EXERCISE GOAL
Your answer consists of the lines in the data that contain "style". Copy each of them.

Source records
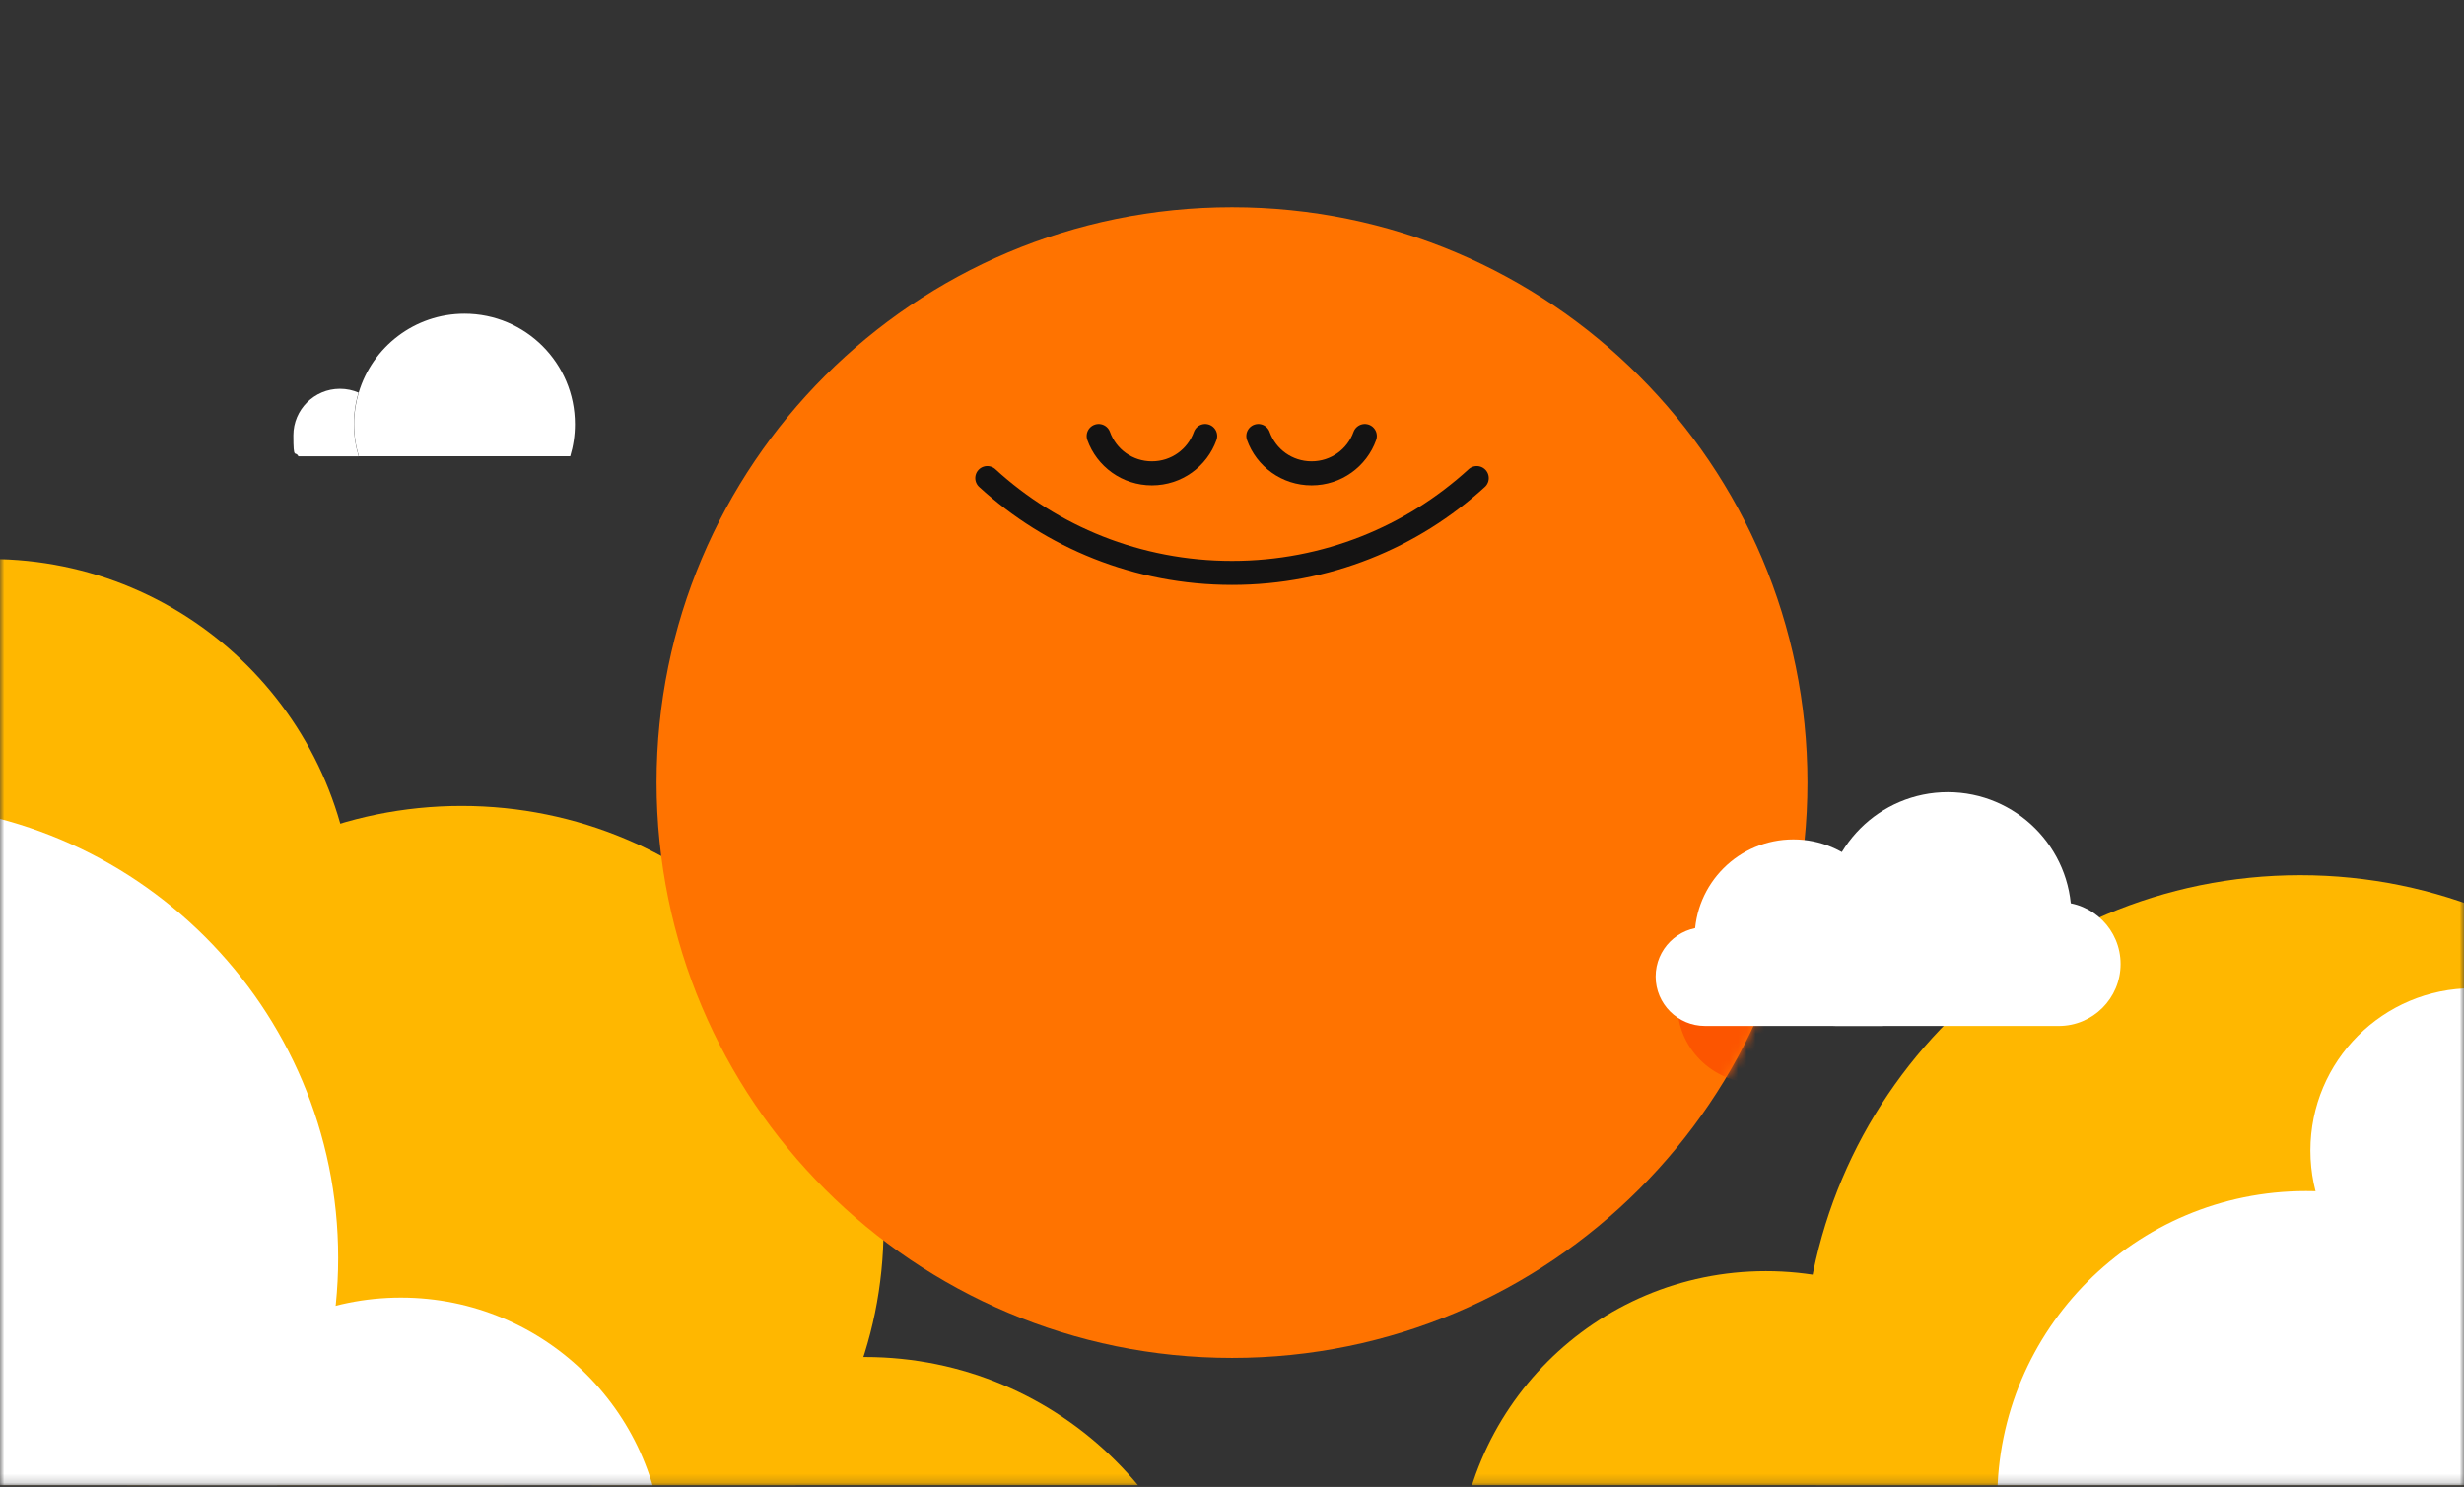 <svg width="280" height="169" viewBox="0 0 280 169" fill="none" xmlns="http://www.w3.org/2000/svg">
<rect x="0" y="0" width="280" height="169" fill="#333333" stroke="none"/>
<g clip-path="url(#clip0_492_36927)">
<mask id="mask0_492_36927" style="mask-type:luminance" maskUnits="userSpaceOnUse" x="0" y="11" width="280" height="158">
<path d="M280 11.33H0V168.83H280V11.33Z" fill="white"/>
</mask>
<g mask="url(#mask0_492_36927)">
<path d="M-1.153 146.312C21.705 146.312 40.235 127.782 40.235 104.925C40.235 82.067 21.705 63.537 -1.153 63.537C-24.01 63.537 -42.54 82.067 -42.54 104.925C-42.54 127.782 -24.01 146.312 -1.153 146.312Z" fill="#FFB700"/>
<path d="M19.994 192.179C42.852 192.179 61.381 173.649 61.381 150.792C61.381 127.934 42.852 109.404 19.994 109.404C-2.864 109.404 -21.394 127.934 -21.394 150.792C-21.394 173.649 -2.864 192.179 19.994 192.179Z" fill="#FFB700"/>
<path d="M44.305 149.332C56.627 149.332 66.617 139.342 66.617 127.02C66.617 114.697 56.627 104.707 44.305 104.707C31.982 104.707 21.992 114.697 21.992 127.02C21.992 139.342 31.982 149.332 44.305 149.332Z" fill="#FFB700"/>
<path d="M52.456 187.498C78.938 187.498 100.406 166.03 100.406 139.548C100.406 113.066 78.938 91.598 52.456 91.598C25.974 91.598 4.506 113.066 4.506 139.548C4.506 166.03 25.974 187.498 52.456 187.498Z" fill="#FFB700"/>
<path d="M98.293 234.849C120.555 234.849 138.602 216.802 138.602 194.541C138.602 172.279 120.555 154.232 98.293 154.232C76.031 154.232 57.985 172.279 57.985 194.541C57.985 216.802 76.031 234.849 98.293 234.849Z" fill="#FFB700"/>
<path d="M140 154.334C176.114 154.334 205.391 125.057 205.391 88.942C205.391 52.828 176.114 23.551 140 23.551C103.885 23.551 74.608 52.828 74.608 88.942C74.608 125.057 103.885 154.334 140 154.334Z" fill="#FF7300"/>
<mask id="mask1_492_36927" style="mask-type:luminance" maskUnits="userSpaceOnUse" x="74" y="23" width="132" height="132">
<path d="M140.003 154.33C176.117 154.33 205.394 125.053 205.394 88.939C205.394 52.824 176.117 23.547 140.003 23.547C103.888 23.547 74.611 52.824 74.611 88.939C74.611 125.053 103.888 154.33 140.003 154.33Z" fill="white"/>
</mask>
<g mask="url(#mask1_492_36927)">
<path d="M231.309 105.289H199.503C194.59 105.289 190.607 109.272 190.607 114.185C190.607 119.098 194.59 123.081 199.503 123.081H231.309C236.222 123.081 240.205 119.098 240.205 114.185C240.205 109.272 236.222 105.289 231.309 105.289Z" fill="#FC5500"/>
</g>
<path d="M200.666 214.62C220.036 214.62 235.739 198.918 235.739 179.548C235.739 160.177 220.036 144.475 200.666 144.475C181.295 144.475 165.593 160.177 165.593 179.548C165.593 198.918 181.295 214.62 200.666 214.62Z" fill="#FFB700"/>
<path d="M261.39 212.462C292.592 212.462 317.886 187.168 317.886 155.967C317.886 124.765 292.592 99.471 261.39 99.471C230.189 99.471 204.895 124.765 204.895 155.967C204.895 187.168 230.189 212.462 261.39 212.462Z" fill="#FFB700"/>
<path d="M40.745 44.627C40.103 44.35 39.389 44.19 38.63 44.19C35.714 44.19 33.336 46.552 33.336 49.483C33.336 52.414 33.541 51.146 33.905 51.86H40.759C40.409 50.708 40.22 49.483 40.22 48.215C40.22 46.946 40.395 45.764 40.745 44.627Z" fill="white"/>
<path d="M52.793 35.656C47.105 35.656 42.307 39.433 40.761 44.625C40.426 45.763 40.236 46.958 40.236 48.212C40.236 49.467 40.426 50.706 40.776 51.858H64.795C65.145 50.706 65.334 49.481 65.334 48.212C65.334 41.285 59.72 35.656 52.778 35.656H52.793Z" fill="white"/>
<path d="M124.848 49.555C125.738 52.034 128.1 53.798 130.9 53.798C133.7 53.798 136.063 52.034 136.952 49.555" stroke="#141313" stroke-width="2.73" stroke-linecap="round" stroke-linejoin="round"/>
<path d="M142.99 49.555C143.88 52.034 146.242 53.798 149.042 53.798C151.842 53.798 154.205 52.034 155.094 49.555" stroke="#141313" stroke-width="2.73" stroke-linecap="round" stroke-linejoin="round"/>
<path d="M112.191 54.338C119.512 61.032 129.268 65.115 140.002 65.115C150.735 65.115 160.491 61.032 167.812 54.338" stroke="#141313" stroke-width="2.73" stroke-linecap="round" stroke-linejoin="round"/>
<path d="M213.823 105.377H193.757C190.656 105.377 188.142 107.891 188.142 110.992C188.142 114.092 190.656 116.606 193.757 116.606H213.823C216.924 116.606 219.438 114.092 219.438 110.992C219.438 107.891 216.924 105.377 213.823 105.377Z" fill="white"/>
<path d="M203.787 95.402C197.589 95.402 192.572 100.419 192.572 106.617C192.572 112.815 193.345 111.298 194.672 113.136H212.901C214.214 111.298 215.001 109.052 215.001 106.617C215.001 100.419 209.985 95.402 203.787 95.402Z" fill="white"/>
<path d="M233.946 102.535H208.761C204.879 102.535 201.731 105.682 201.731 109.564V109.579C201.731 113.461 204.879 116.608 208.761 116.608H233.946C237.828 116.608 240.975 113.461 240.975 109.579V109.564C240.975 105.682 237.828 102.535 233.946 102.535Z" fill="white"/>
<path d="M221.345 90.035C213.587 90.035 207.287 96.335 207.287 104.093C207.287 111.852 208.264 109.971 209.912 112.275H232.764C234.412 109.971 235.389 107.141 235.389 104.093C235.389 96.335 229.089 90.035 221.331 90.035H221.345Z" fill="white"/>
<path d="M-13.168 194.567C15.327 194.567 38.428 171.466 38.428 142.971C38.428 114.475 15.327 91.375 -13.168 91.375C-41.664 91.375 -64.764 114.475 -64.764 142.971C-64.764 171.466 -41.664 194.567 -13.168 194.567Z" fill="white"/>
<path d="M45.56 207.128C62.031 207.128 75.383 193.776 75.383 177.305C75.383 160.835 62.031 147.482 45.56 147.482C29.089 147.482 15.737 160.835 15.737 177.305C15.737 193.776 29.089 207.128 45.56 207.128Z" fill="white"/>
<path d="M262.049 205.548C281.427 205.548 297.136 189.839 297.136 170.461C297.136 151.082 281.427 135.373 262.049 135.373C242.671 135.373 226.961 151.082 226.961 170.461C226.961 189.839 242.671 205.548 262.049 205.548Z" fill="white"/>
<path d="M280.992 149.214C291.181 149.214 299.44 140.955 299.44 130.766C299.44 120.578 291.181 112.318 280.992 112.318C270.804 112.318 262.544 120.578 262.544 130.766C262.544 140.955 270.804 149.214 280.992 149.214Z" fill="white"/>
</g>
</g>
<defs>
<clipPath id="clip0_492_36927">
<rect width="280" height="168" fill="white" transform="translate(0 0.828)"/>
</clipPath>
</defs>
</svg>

REPLY TO THE EXERCISE
<mask id="mask0_492_36927" style="mask-type:luminance" maskUnits="userSpaceOnUse" x="0" y="11" width="280" height="158">
<mask id="mask1_492_36927" style="mask-type:luminance" maskUnits="userSpaceOnUse" x="74" y="23" width="132" height="132">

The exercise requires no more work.